DATA FOR PROCESSING =>
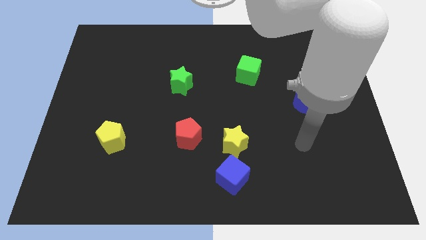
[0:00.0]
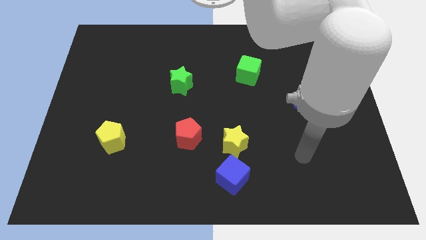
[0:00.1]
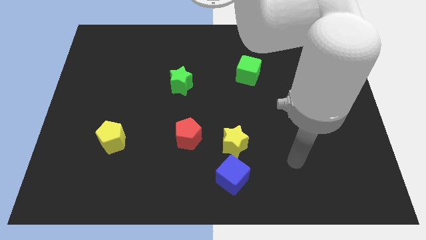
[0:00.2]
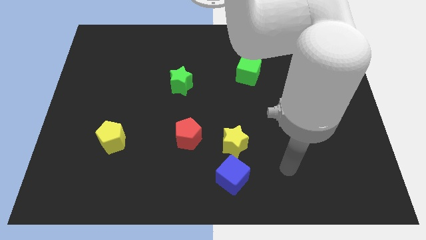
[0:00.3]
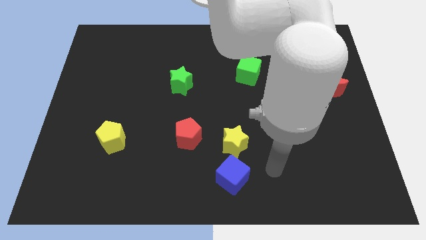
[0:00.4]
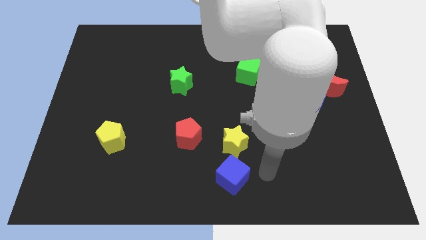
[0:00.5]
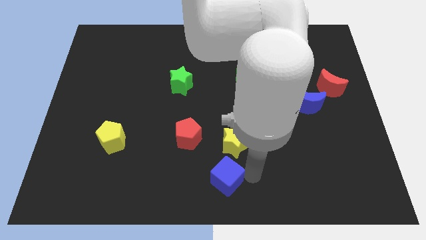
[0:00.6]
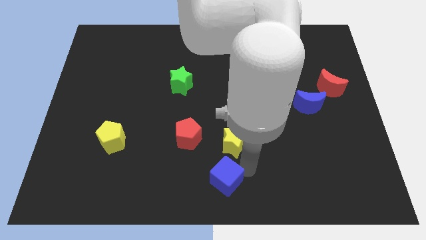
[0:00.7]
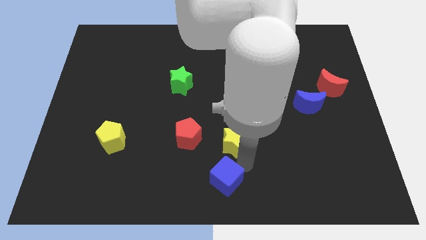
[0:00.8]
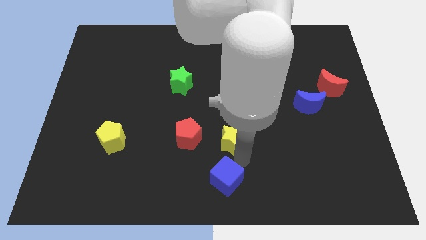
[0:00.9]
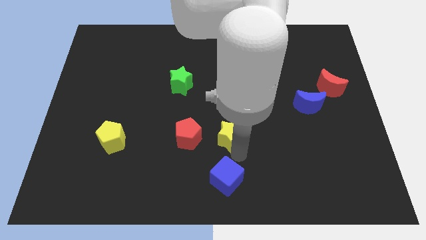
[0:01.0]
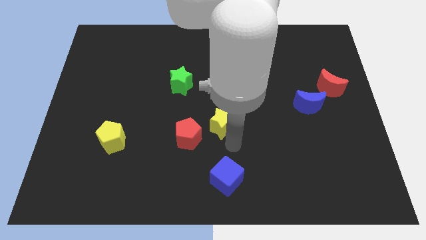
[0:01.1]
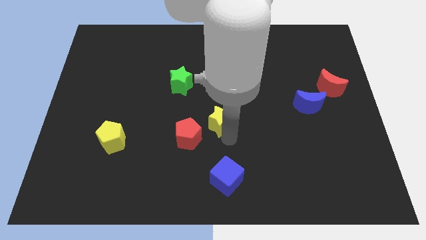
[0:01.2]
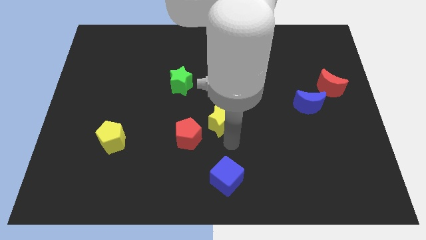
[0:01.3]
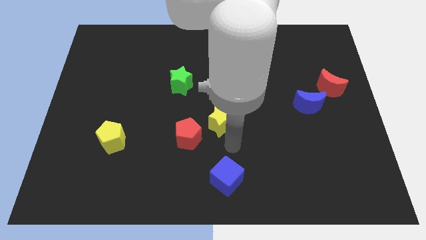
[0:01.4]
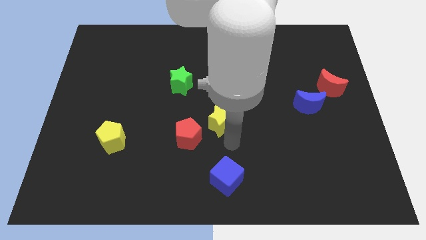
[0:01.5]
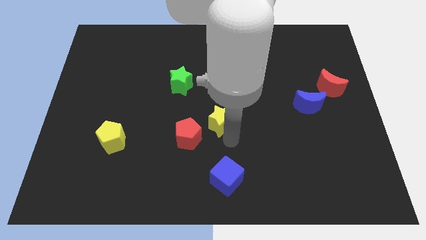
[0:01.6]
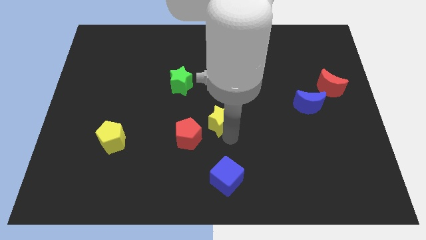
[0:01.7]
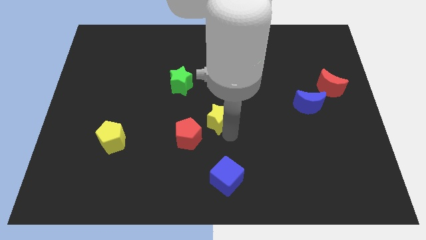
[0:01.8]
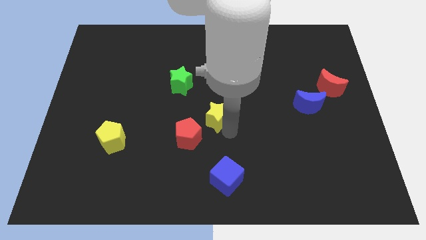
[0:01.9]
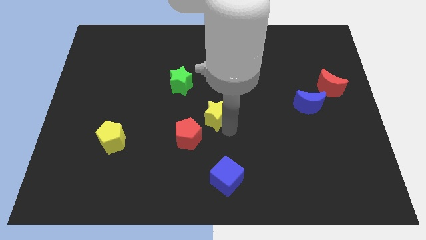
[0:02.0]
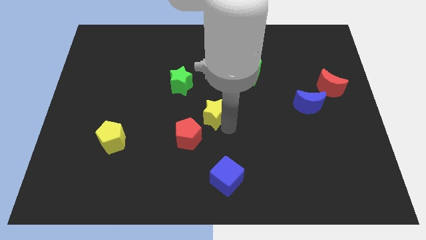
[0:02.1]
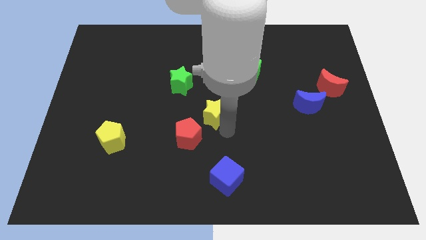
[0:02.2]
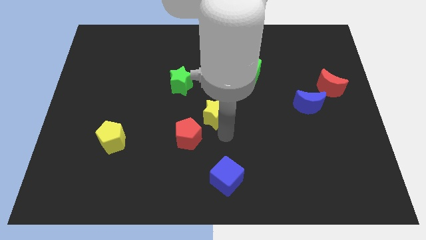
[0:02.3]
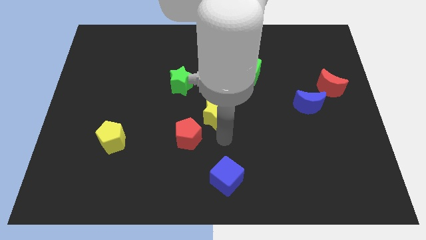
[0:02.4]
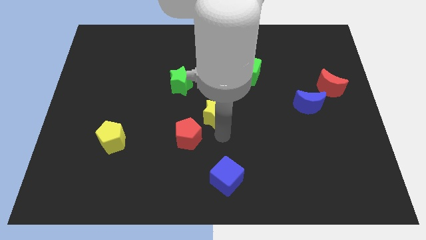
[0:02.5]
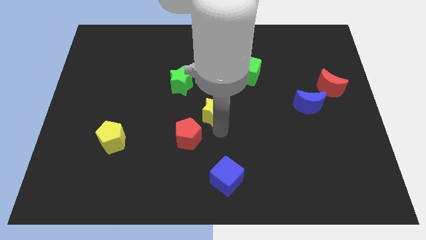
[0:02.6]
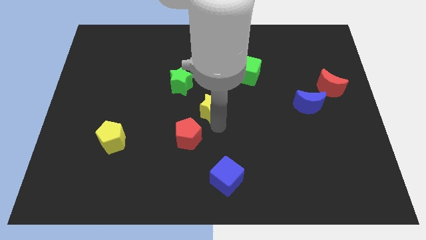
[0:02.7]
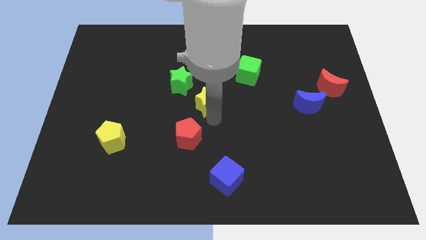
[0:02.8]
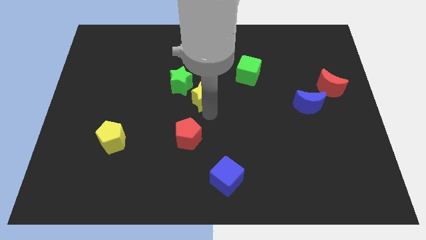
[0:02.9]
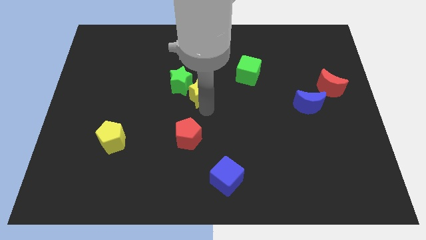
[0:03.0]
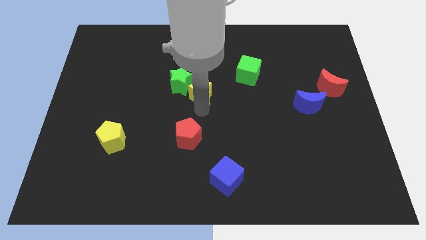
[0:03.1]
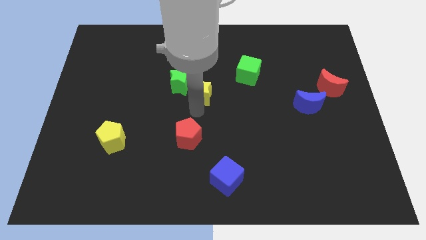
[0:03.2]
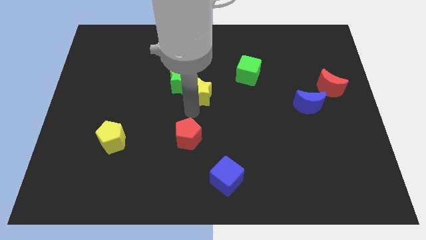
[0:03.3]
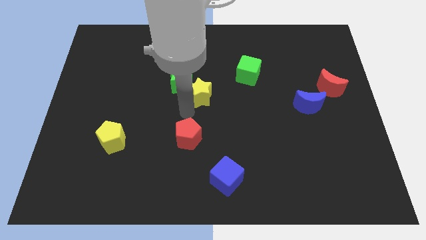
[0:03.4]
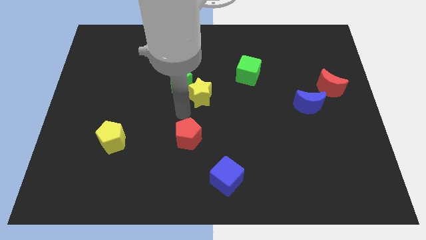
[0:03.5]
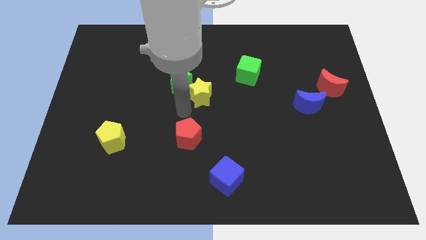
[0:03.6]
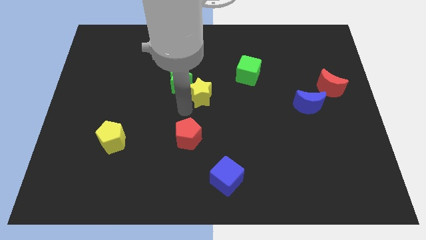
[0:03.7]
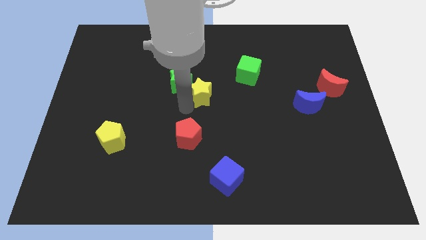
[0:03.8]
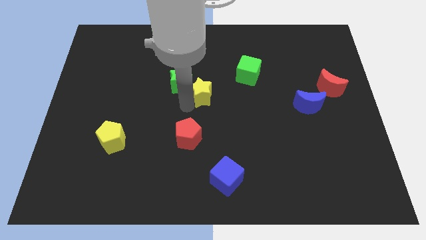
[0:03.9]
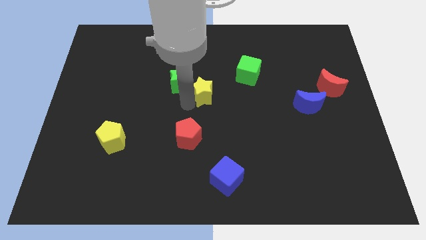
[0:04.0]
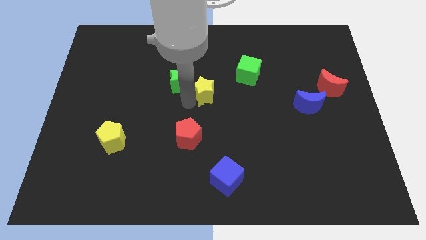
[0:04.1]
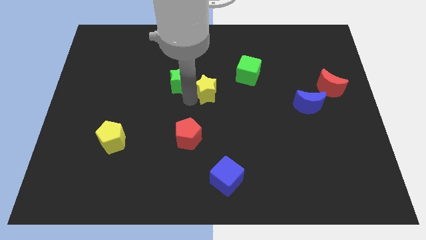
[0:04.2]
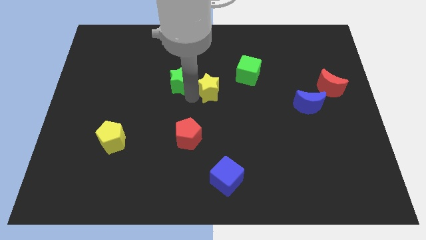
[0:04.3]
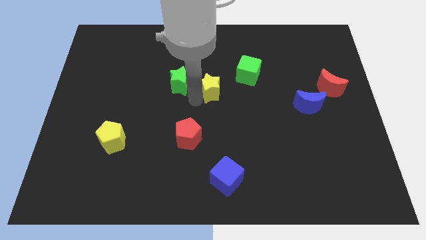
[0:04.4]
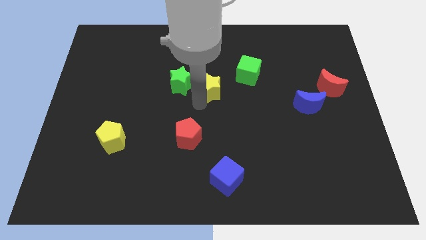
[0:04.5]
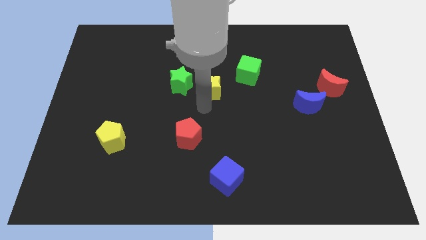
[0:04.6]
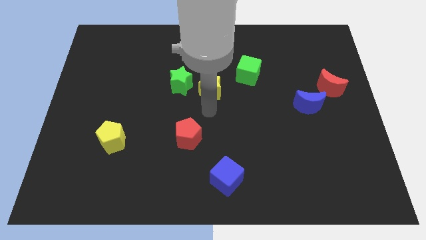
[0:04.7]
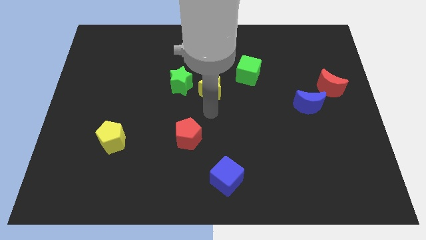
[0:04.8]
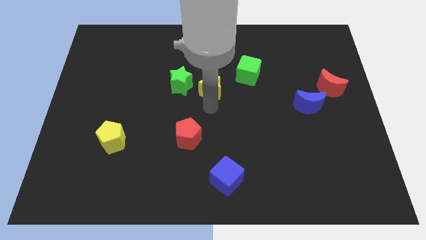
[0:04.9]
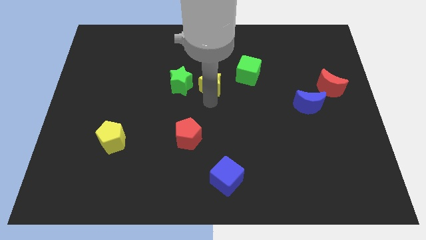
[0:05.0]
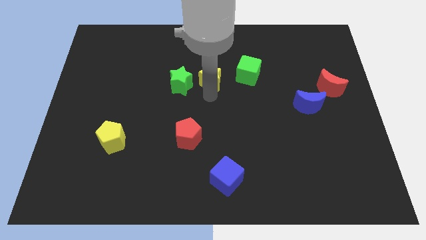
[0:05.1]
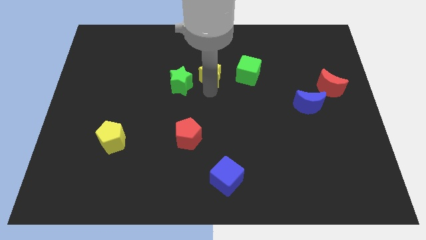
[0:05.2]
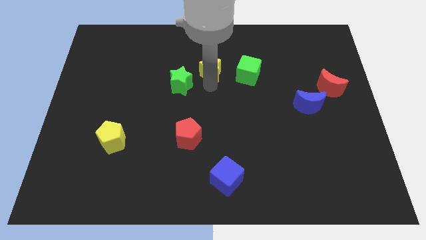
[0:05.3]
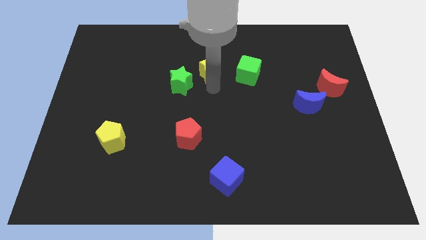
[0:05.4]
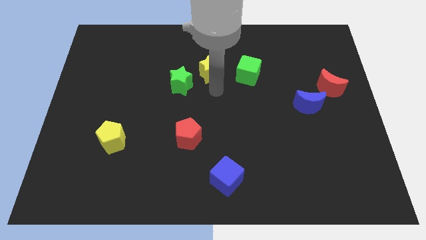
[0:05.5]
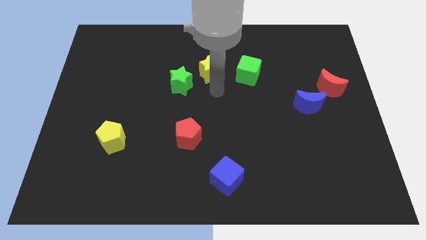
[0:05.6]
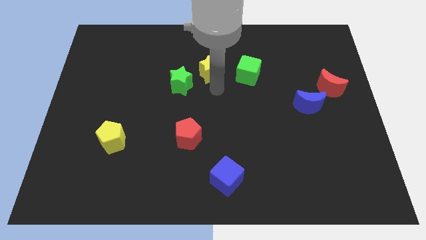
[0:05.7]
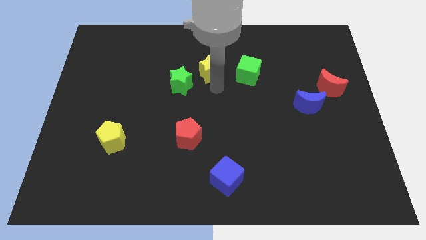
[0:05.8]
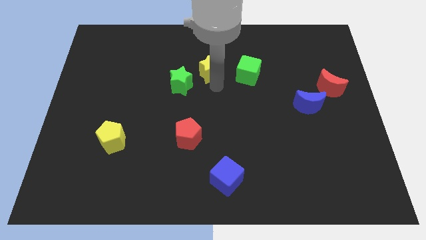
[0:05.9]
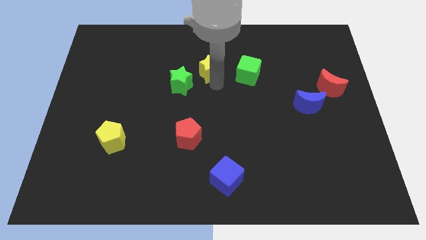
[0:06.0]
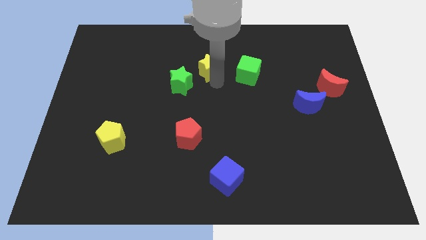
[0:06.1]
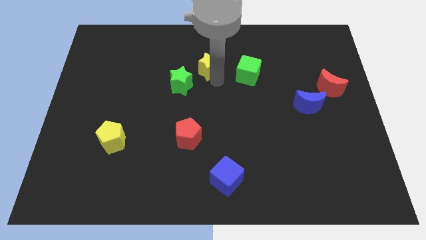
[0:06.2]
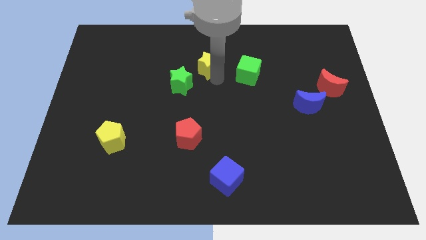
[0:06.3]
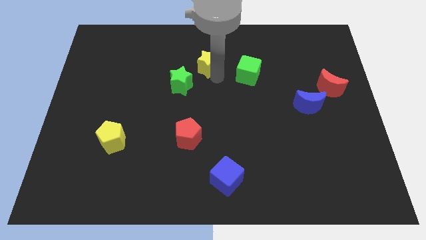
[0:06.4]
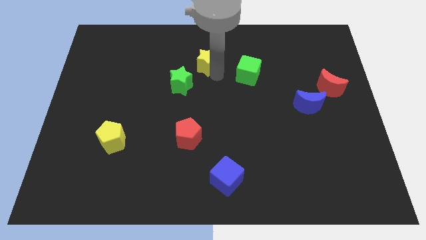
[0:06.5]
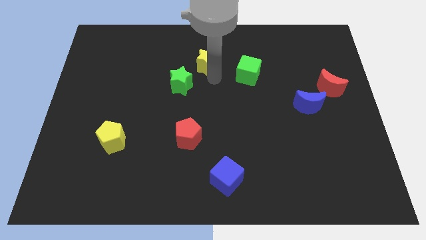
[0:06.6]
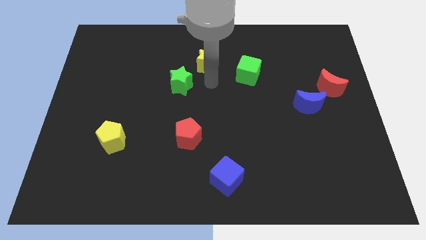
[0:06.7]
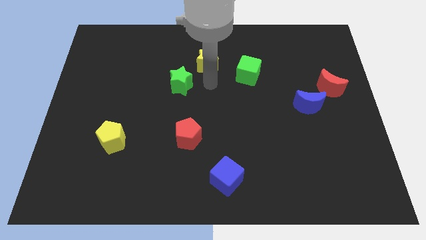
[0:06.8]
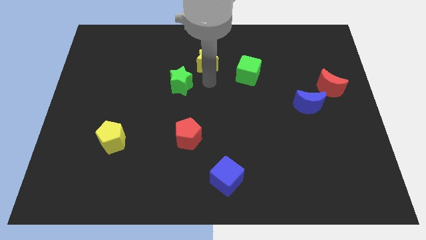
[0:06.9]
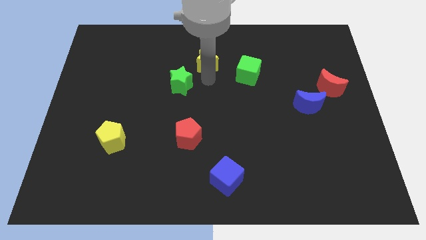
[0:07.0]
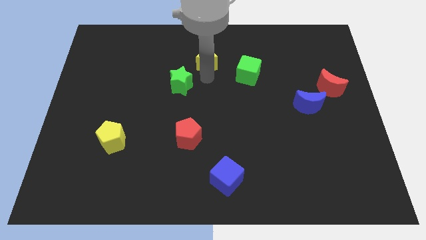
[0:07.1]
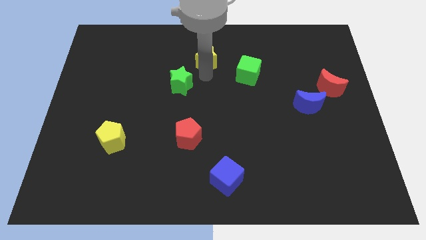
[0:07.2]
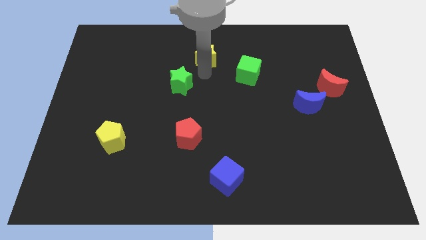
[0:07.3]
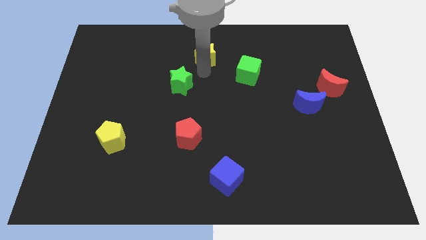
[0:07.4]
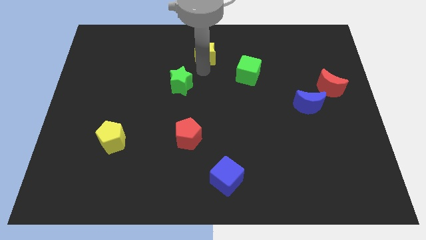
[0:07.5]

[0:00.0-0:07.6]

WHAT YOU ARE ASKED TO DO =>
An exact copy of the entries, without any pictures, is what the answer should be.

OUTPUT OF THE TASK =>
[0:00.0]
[0:00.1]
[0:00.2]
[0:00.3]
[0:00.4]
[0:00.5]
[0:00.6]
[0:00.7]
[0:00.8]
[0:00.9]
[0:01.0]
[0:01.1]
[0:01.2]
[0:01.3]
[0:01.4]
[0:01.5]
[0:01.6]
[0:01.7]
[0:01.8]
[0:01.9]
[0:02.0]
[0:02.1]
[0:02.2]
[0:02.3]
[0:02.4]
[0:02.5]
[0:02.6]
[0:02.7]
[0:02.8]
[0:02.9]
[0:03.0]
[0:03.1]
[0:03.2]
[0:03.3]
[0:03.4]
[0:03.5]
[0:03.6]
[0:03.7]
[0:03.8]
[0:03.9]
[0:04.0]
[0:04.1]
[0:04.2]
[0:04.3]
[0:04.4]
[0:04.5]
[0:04.6]
[0:04.7]
[0:04.8]
[0:04.9]
[0:05.0]
[0:05.1]
[0:05.2]
[0:05.3]
[0:05.4]
[0:05.5]
[0:05.6]
[0:05.7]
[0:05.8]
[0:05.9]
[0:06.0]
[0:06.1]
[0:06.2]
[0:06.3]
[0:06.4]
[0:06.5]
[0:06.6]
[0:06.7]
[0:06.8]
[0:06.9]
[0:07.0]
[0:07.1]
[0:07.2]
[0:07.3]
[0:07.4]
[0:07.5]

[0:00.0-0:07.6]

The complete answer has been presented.